Scripting languages are tools for tying APIs together, not building complex systems

June 8, 2022

There are two general categories of programming languages: compiled, and interpreted.



A program written in a compiled language must first be converted into native machine code to run. This step is called compilation.



A program written in an interpreted language does not need to be converted into native code. The interpreter parses the program and executes it in real-time. It is possible to use the interpreter interactively as a calculator or debugger.



In some cases, the interpreter may store the program in the form of intermediate code in memory and compile parts of it into native code in-real-time in a process called Just-in-time Compilation.



The interpreter may save the intermediate bytecode for faster loading times during future execution as an optimization. Python, for example, saves *.pyc files with compiled bytecode of the imported modules. 



Similarly, though technically a compiled language, Java produces *.class files with bytecode. Java is not a strictly interpreted language and is outside of this post's scope.



An interpreted language is typically a higher-level language. It may explicitly represent data structures, such as lists, tuples, and dictionaries (maps). It may also have higher-level abstractions over algorithms. It does not have to be loosely typed, though most interpreted languages are.



Under most circumstances, a program written in an interpreted language is slower than compiled. However, program performance needs to be balanced against developer productivity. The very purpose of an interpreted language is to hide complex algorithms from the developer and make programs available to run immediately after every change. A program being executed is in the same language that it is written in.



To paraphrase Mel Conway, an interpreted language is an application language, not algorithm (aka platform ) language. Interpreted languages are best used as a "glue" that ties algorithms and APIs together — not to implement algorithms.



There is a reason why many modern interpreted languages are also referred to as "scripting." Scripting is automating existing APIs and algorithms and combining them into new APIs and algorithms. Scripting is about controlling or orchestrating existing tools, APIs, and algorithms.

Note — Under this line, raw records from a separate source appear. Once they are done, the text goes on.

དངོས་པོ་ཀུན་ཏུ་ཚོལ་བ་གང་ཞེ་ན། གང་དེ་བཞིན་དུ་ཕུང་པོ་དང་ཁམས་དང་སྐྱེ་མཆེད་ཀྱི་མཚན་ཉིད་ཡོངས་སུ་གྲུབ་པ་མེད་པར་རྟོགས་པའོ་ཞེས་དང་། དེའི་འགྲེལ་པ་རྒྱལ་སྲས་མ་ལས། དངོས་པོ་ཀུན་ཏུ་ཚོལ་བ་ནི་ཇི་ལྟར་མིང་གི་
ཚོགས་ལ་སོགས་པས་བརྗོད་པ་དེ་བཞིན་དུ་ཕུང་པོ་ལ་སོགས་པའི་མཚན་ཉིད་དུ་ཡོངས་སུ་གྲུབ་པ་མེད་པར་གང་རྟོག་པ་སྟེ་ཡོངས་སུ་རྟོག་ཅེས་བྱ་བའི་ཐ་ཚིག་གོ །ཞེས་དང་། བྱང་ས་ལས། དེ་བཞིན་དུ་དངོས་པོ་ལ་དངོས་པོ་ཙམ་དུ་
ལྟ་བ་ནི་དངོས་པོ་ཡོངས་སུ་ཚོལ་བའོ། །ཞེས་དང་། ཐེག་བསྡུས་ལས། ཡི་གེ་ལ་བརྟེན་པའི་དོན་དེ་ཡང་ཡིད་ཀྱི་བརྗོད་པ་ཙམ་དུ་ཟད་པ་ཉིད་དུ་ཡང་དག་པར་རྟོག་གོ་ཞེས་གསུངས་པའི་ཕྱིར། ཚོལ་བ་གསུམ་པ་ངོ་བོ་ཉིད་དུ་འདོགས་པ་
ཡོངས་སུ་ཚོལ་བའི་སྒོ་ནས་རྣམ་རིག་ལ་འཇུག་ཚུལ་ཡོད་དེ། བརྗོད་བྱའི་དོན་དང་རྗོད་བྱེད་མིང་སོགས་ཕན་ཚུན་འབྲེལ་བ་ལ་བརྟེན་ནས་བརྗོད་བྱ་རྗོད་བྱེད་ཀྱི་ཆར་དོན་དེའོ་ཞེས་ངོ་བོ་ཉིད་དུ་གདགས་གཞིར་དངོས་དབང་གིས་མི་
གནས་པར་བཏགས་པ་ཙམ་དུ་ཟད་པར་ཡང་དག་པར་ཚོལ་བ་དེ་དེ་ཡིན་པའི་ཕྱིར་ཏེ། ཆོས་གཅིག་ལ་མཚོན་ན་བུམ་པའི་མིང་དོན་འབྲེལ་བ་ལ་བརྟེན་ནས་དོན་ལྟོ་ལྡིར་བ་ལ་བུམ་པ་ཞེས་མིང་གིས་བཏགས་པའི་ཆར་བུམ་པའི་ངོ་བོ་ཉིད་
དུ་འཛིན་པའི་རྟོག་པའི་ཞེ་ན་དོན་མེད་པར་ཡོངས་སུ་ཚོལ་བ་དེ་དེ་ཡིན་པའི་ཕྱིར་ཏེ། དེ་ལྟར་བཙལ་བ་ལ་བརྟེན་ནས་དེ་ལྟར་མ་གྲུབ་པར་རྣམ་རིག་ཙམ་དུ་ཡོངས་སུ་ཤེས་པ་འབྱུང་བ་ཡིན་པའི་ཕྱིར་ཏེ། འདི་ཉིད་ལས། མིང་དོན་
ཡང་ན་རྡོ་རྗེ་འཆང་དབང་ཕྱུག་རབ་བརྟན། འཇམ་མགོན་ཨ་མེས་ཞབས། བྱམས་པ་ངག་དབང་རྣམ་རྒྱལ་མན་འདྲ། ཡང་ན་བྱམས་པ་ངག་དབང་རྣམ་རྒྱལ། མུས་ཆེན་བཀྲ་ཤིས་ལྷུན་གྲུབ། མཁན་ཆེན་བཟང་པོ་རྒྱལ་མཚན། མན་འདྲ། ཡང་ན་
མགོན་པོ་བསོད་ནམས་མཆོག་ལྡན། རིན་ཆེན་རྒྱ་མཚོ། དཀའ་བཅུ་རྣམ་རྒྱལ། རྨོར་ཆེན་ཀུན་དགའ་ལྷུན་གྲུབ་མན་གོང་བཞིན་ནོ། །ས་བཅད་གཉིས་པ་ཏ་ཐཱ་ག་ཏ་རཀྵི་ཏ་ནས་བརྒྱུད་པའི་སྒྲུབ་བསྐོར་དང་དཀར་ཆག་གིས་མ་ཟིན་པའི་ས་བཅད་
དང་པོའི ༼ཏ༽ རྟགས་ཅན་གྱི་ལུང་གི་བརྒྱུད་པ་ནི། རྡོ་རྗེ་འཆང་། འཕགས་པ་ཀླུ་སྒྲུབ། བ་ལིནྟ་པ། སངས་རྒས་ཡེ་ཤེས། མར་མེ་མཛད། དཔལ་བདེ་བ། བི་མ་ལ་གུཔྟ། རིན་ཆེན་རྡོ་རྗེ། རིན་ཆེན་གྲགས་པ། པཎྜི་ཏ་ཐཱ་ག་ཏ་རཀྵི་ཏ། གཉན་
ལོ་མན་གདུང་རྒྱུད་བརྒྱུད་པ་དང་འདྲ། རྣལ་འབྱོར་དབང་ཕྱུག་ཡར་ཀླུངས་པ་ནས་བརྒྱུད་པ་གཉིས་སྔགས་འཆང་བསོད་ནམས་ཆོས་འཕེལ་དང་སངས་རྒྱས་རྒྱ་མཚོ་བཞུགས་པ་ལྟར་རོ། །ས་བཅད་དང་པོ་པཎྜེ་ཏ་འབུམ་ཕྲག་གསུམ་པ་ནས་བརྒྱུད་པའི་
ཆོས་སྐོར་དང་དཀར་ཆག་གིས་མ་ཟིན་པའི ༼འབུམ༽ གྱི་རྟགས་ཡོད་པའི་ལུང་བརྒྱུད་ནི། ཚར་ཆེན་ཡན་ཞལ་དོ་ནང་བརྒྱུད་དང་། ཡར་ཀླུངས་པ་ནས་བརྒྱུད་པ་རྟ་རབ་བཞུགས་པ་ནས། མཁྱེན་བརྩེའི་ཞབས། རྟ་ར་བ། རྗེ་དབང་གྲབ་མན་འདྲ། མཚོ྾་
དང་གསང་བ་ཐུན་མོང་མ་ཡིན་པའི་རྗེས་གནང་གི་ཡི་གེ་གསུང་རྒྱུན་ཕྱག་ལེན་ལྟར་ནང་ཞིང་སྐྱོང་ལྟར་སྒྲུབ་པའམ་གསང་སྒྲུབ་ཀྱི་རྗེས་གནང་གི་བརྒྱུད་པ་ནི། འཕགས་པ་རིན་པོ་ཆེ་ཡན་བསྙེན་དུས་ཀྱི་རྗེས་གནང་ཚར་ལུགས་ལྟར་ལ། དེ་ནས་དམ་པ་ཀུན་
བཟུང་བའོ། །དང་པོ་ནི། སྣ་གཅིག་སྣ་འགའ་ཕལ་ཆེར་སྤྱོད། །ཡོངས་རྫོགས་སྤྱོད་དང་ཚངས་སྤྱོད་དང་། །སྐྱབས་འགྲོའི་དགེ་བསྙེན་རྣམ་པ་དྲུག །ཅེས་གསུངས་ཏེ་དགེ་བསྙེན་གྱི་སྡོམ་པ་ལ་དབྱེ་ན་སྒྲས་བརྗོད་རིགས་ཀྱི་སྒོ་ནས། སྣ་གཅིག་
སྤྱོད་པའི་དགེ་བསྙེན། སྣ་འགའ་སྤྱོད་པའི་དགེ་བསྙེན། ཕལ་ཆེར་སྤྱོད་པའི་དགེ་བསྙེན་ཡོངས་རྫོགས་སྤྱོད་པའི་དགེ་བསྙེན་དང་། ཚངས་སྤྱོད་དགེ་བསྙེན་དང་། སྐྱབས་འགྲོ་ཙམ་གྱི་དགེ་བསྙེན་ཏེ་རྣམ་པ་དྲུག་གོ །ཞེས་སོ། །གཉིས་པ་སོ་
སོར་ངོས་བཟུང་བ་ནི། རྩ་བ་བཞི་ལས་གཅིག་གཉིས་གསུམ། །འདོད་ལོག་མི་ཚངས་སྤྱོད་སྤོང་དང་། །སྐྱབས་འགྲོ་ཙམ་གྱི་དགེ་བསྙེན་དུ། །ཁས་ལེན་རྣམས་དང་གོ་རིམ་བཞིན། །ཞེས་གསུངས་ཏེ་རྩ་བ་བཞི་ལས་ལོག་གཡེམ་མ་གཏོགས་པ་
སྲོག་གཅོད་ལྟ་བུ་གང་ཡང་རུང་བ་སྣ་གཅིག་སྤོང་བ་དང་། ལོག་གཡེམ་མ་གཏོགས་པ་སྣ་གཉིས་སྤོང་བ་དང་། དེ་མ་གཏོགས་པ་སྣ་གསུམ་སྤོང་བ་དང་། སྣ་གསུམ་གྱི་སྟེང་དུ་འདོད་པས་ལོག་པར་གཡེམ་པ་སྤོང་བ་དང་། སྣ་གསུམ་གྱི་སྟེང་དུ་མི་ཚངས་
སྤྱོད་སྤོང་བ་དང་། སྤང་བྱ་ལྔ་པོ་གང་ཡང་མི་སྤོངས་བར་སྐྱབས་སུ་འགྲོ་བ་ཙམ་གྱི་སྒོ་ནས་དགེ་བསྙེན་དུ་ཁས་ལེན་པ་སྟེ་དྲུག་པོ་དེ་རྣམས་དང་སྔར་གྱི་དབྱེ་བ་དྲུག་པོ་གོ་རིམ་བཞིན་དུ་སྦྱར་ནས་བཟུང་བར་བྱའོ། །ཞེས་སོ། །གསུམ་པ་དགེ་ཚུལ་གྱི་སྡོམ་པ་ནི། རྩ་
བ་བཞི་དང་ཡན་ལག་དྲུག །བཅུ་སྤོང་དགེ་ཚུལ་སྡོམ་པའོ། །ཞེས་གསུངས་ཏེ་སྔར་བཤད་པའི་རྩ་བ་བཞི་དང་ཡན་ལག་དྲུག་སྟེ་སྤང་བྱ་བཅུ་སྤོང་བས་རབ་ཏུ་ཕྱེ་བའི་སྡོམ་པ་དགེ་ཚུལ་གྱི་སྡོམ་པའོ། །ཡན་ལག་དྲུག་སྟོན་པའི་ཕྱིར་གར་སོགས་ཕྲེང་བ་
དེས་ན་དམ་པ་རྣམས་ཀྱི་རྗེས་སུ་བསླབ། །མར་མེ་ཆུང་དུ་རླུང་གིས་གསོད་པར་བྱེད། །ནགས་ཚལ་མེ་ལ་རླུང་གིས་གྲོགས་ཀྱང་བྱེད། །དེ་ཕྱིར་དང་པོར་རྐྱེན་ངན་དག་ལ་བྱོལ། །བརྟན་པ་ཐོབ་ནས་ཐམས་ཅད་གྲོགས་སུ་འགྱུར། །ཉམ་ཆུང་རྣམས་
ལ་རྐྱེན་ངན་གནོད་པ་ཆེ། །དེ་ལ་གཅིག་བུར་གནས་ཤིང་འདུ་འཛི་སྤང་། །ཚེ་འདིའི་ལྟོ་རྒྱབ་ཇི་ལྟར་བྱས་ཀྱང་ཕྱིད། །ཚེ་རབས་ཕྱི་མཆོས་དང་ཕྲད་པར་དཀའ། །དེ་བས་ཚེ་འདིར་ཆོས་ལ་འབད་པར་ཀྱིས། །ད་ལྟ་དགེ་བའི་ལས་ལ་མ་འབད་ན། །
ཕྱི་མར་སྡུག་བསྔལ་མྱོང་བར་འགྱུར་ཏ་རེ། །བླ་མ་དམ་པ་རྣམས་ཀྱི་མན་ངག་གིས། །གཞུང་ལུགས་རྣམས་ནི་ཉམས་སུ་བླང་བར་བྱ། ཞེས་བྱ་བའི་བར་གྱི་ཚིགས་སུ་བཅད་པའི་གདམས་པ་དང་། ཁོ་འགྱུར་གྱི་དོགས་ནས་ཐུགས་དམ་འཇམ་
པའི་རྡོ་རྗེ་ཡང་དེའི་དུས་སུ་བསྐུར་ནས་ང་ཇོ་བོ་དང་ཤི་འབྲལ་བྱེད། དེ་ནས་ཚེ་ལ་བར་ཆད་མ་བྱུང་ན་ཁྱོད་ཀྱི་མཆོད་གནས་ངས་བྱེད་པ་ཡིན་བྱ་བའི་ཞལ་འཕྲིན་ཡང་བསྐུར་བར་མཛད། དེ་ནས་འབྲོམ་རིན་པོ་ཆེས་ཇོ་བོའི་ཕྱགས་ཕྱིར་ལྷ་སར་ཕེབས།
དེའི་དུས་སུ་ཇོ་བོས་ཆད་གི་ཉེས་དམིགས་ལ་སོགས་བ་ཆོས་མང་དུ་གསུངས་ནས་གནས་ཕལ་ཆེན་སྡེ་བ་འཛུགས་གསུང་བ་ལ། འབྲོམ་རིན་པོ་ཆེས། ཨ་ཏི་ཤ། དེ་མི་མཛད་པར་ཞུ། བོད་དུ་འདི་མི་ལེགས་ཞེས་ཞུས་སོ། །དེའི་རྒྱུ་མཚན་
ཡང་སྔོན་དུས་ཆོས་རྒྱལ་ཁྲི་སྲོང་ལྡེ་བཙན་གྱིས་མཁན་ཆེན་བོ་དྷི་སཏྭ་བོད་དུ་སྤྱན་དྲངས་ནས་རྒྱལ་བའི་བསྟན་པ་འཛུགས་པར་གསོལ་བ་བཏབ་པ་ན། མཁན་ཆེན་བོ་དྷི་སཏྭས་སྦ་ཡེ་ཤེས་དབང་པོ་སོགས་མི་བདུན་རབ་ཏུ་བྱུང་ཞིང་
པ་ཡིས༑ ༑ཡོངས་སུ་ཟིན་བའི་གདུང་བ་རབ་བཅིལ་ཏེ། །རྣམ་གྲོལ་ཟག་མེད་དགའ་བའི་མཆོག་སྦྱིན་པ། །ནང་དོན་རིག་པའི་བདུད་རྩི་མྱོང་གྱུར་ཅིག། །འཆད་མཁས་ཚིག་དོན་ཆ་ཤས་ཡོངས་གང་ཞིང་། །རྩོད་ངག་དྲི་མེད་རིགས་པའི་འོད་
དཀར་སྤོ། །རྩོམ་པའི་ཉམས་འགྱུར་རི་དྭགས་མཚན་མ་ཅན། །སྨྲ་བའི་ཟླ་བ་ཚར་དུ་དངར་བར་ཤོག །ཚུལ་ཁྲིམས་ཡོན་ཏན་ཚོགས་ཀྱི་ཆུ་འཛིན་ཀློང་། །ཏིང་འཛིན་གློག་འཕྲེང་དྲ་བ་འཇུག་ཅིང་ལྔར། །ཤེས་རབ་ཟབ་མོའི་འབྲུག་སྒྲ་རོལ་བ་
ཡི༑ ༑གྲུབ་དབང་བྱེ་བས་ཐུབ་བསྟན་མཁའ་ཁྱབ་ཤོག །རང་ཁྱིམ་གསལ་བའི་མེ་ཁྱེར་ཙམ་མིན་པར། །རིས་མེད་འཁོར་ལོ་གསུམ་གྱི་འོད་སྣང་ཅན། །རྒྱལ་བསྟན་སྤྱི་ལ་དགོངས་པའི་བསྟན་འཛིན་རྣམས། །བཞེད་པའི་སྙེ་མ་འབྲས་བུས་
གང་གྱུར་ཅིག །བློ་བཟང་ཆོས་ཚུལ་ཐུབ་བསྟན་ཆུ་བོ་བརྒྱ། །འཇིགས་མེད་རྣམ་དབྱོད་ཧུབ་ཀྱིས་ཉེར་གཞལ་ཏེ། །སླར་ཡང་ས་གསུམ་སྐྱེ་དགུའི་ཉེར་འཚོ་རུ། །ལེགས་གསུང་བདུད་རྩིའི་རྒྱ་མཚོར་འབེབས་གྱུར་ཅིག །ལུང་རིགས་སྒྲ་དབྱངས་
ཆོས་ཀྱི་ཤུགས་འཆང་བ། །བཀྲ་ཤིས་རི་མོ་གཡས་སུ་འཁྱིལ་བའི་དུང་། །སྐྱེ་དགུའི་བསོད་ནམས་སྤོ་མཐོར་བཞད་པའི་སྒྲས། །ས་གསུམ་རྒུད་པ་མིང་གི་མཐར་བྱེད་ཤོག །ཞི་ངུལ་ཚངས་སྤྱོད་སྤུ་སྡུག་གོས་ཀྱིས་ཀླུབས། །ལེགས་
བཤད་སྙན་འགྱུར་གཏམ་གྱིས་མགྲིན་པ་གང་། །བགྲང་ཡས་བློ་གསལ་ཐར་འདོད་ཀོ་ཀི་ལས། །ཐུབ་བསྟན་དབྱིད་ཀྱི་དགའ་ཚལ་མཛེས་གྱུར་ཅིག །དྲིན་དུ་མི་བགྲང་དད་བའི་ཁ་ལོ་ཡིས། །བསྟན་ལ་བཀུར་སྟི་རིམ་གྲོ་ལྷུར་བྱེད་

A reader may rightfully ask, "Oleg, what are you getting at?"



What makes me think of these things early in the mornings is the proliferation of JavaScript as an enterprise application language. I believe using JS as a hammer to solve every problem will hound enterprise IT for decades.



JavaScript is an interpreted scripting language. It's a tool for tying things together — DOM objects on a web page and APIs.



I love JavaScript as a tool for quickly building simple apps that tie cloud APIs together.



I'm not too fond of JavaScript for the religion it cultivates among its fans who are in denial about its limitations and feel the need to use it to solve every problem, however inappropriate it might be for the task.